Allo stesso modo, il frumento tenero deriva da un incrocio tra un frumento duro (e non un farro) e A. tauschsii e, solo successivamente, dal frumento tenero si evolve il frumento spelta che, di conseguenza, è il frumento di più recente origine. Infine, un’analisi accurata dei frumenti teneri moderni suggerisce una suddivisione genetica tra i frumenti dei paesi dell’Europa occidentale e quelli dell’Europa orientale, un effetto collaterale della guerra fredda, che ha bloccato per decenni lo scambio di germoplasma tra paesi NATO e Paesi del patto di Varsavia.

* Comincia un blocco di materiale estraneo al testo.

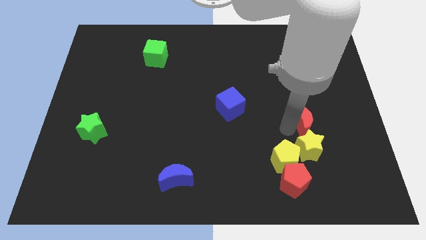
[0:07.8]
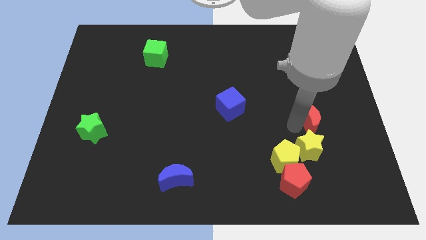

“Abbiamo individuato i geni che hanno reso e rendono differente una varietà o una popolazione locale di grano tenero dall’altra – spiega Luigi Cattivelli, uno dei due autori italiani della ricerca nonché direttore del CREA Genomica e Bioinformatica – un risultato importante che ci permette di conoscere a fondo la biodiversità e quindi di preservarla al meglio, fornendoci anche un prezioso patrimonio di informazioni genetiche da utilizzare per migliorare in modo sostenibile una coltura che costituisce l’alimento base per oltre un terzo della popolazione umana mondiale”.